Street art depicting two people riding bikes and giving each other high fives

When I was growing up, I thought that literacy meant reading books I didn’t want to read. For me, high school English classes were a blur of scarlet letters, angry grapes, flies with questionable rulership ethics, and people with names like Hester, Francis, and Doras. I’m positive that it was a flaw in my own thinking, but I never saw school as relevant to anything in my own life, a life that seemed ruled at the time by impossible to navigate social orders of popularity and expertise. A lot of my attitude came from my father. He absolutely hated school and always liked to brag about times that he got things over on teachers. Because I’m a writing teacher now, one story he often tells sticks with me: He wrote the same report six different times about the same book and got six different grades on that same report. When I was younger, I interpreted the story to be an illustration about the arbitrary nature of school and grades, but when I think about that story now I think it means something more than that, something that suggests that no matter what you are planning on majoring in while you are at college, you should get into the business of writing about what you love.

But before I get to that, I would like to tell you a little bit about the relationship my dad had to literacy. As he explains it, all through school whenever he sat down to read he was unable to comprehend what he read. He understood the words, he’d say, but could not comprehend what he was reading. No matter how hard he tried to concentrate, his mind wandered. He’d realize that he’d read an entire page and didn’t understand what he read, so he’d go back to the beginning and read again. After reading a second time, though, he’d get just as lost, so he would try again, but that time with the added frustration of having to do it again. “It was hopeless,” he said. He understood the words, but each time he read they would lose more meaning. “These days,” he would say when telling me the story, “they would have said that I had a learning disability, but back in the 50s all the teachers told me was that I was a dumbass, that I’d never do anything but dig ditches for a living.” He would wait for a laugh, which sometimes he would get, and then continue. “So I had this book report hanging over me, and one day I saw this paperback outside of a bookstore in downtown Roanoke.

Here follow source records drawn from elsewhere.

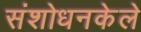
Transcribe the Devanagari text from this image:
संशोधनकेले
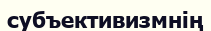
субъективизмнің
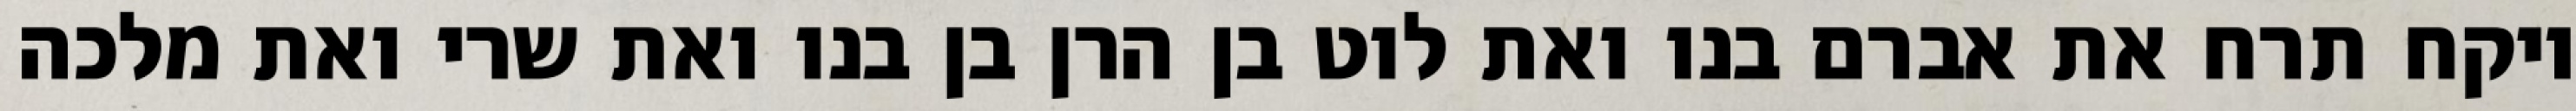
ויקח תרח את אברם בנו ואת לוט בן הרן בן בנו ואת שרי ואת מלכה
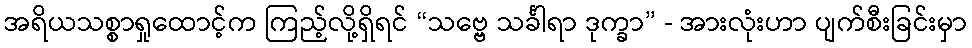
အရိယသစ္စာရှုထောင့်က ကြည့်လို့ရှိရင် “သဗ္ဗေ သင်္ခါရာ ဒုက္ခာ” - အားလုံးဟာ ပျက်စီးခြင်းမှာ
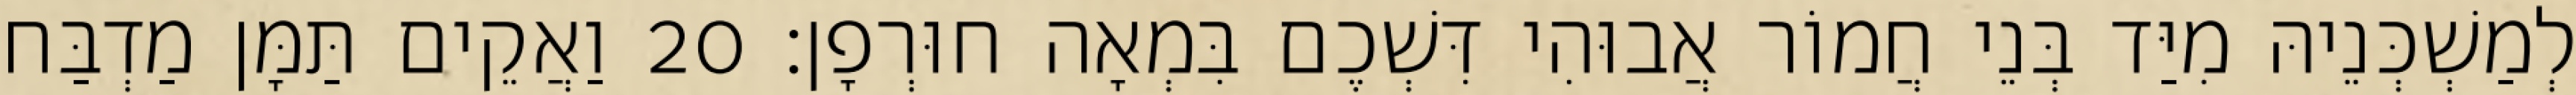
לְמַשְׁכְּנֵיהּ מִיַּד בְּנֵי חֲמוֹר אֲבוּהִי דִּשְׁכֶם בִּמְאָה חוּרְפָן׃ 20 וַאֲקֵים תַּמָּן מַדְבַּח
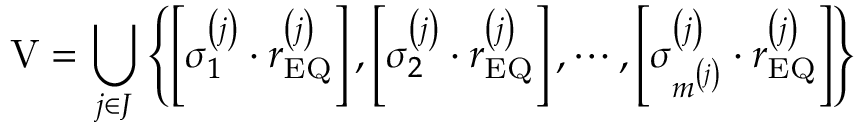
\mathrm { V } = \bigcup _ { j \in J } \left\{ \left[ \sigma _ { 1 } ^ { \left( j \right) } \cdot r _ { \mathrm { E Q } } ^ { \left( j \right) } \right] , \left[ \sigma _ { 2 } ^ { \left( j \right) } \cdot r _ { \mathrm { E Q } } ^ { \left( j \right) } \right] , \cdots , \left[ \sigma _ { m ^ { \left( j \right) } } ^ { \left( j \right) } \cdot r _ { \mathrm { E Q } } ^ { \left( j \right) } \right] \right\}
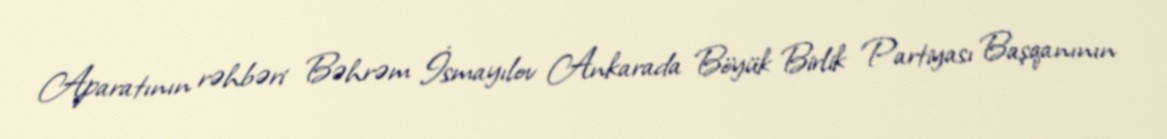
Aparatının rəhbəri Bəhrəm İsmayılov Ankarada Böyük Birlik Partiyası Başqanının
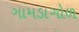
ગામડાગોળ
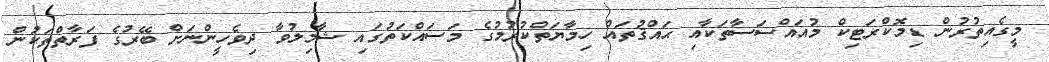
މީގެއިތުރުން ޑިމޮކްރަޓިކް މުއައްސަސާތަކާއި ޙައްޤުތައް ހިމާޔަތްކުރުމުގެ މަސައްކަތުގައި ޝާމިލުވާ ދިވެހީންނަށް ބޭރުގެ ފަރާތްތަކުން
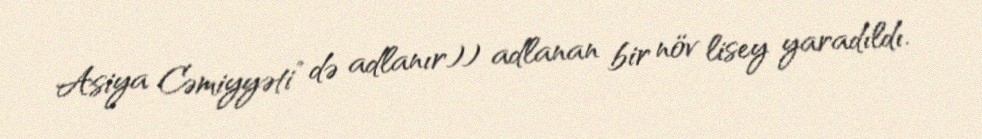
Asiya Cəmiyyəti” də adlanır)) adlanan bir növ lisey yaradıldı.
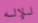
للإله
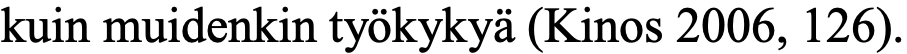
kuin muidenkin työkykyä (Kinos 2006, 126).
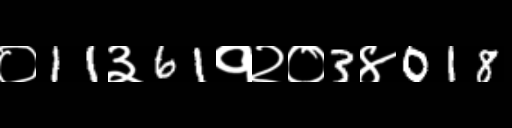
Text: ०11३61१२०3४018
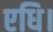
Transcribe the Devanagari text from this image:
एधि।
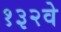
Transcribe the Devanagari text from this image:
१३२वे
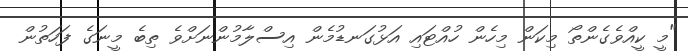
"މީ ކީއްވެގެންތޯ މިކަން މިހެން ހުއްޓައި އަޅުގަނޑުމެން އިސްލާމުންނަށްވެ ތިބެ މީނަގެ ފަހަތުން
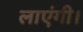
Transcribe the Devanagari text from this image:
लाएंगी।
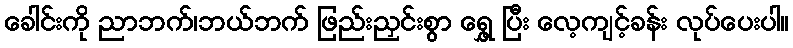
ခေါင်းကို ညာဘက်၊ဘယ်ဘက် ဖြည်းညှင်းစွာ ရွှေ့ ပြီး လေ့ကျင့်ခန်း လုပ်ပေးပါ။
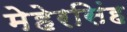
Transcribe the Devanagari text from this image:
मेहेरसिंह
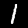
Label: 1
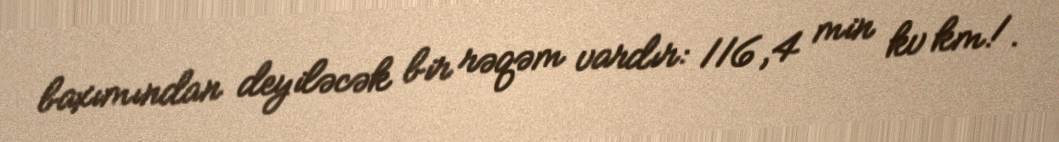
baxımından deyiləcək bir rəqəm vardır: 116,4 min kv km!.
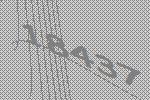
18437
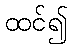
ထင်၍
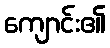
ကျောင်း၏
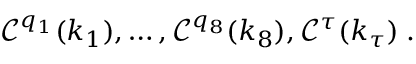
\begin{array} { r } { { \mathcal { C } } ^ { q _ { 1 } } ( k _ { 1 } ) , \ldots , { \mathcal { C } } ^ { q _ { 8 } } ( k _ { 8 } ) , { \mathcal { C } } ^ { \tau } ( k _ { \tau } ) \; . } \end{array}
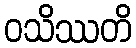
ဝသိဿတိ
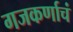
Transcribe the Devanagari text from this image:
गजकर्णाचं
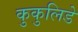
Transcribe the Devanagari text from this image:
कुकुलिडे
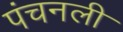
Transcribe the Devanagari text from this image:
पंचनली
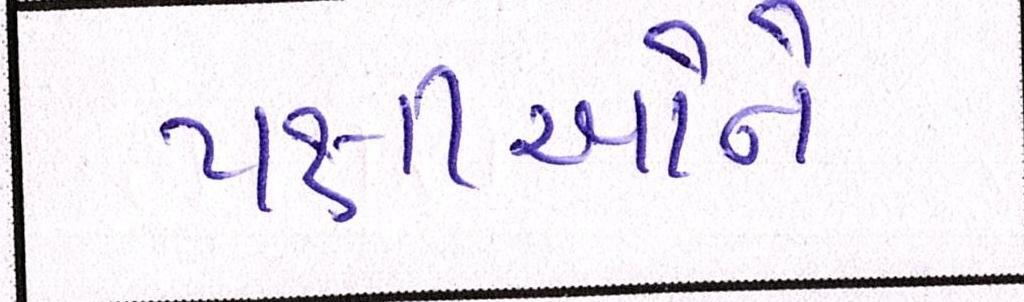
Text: પક્ષીઓને
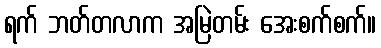
ရက် ဘတ်တလာက အမြဲတမ်း အေးစက်စက်။
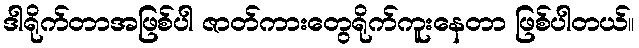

It was called Street Rod, and I had been working on a ‘51 coupe, and so I thought I could at least relate to this and so I worked my way through parts of the book, enough that I could write a report on it.”

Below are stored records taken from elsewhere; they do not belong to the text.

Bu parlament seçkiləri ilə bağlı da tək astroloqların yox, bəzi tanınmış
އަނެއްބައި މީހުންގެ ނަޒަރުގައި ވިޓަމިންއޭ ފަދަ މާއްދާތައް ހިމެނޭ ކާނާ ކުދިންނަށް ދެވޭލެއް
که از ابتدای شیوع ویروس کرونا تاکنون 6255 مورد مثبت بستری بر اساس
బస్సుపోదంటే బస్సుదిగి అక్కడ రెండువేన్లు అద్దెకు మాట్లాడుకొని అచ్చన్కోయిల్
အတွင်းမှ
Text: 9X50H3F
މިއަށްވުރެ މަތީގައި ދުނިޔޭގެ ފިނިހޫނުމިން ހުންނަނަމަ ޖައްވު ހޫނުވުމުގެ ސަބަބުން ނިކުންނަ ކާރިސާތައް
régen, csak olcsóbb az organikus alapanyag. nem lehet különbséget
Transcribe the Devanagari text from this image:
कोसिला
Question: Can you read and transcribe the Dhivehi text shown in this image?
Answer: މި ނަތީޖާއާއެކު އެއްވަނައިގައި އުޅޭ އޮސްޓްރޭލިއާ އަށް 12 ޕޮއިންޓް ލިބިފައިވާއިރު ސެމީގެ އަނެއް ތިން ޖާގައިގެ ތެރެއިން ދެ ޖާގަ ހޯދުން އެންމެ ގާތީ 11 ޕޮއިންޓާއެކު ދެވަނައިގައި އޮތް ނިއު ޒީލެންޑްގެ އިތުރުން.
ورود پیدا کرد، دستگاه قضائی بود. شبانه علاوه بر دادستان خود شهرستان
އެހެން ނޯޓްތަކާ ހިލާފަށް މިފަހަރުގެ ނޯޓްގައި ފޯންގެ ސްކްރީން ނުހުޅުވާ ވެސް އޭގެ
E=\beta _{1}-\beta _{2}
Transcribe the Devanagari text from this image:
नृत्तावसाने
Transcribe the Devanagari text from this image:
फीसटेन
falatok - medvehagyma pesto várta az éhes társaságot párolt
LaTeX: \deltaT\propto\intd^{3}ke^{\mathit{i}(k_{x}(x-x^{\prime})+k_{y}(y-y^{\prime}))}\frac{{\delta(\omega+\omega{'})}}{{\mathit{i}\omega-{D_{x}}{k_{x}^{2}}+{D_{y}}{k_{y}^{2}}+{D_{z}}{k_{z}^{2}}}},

My father was not alone in connecting to this book. In the US, Henry Gregor Felsen’s books were loved (primarily by boys) all through the 50s, 60s, and 70s.  Stephen King named Felsen’s Hot Rod as one of the most influential books of his childhood and it is also reported that Felsen was once given an award from a librarian’s association for having written the most stolen library book by any author. Published in 1953, Street Rod was the follow up to Hot Rod and would have come out about the time my Dad was 12. Two years before that, my father had bought a lawn mower, so that he could make money mowing loans. As he tells it, he got paid 50 cents a yard.  He had borrowed 63 dollars from his dad for the mower and half of that went to paying off the mower and then the other half he saved. In one summer he had paid off the mower so it was all profit after that. By the time he was 14, he had saved enough to buy a car, a ‘51 Ford for 395 dollars. When I was a kid, I found the story a little suspicious, just a story that was meant to motivate me to work, but simple math does prove that this was possible at the time. Cars were simpler then, and anyone who had a mind for it and the right opportunities could buy a used car and make it happen.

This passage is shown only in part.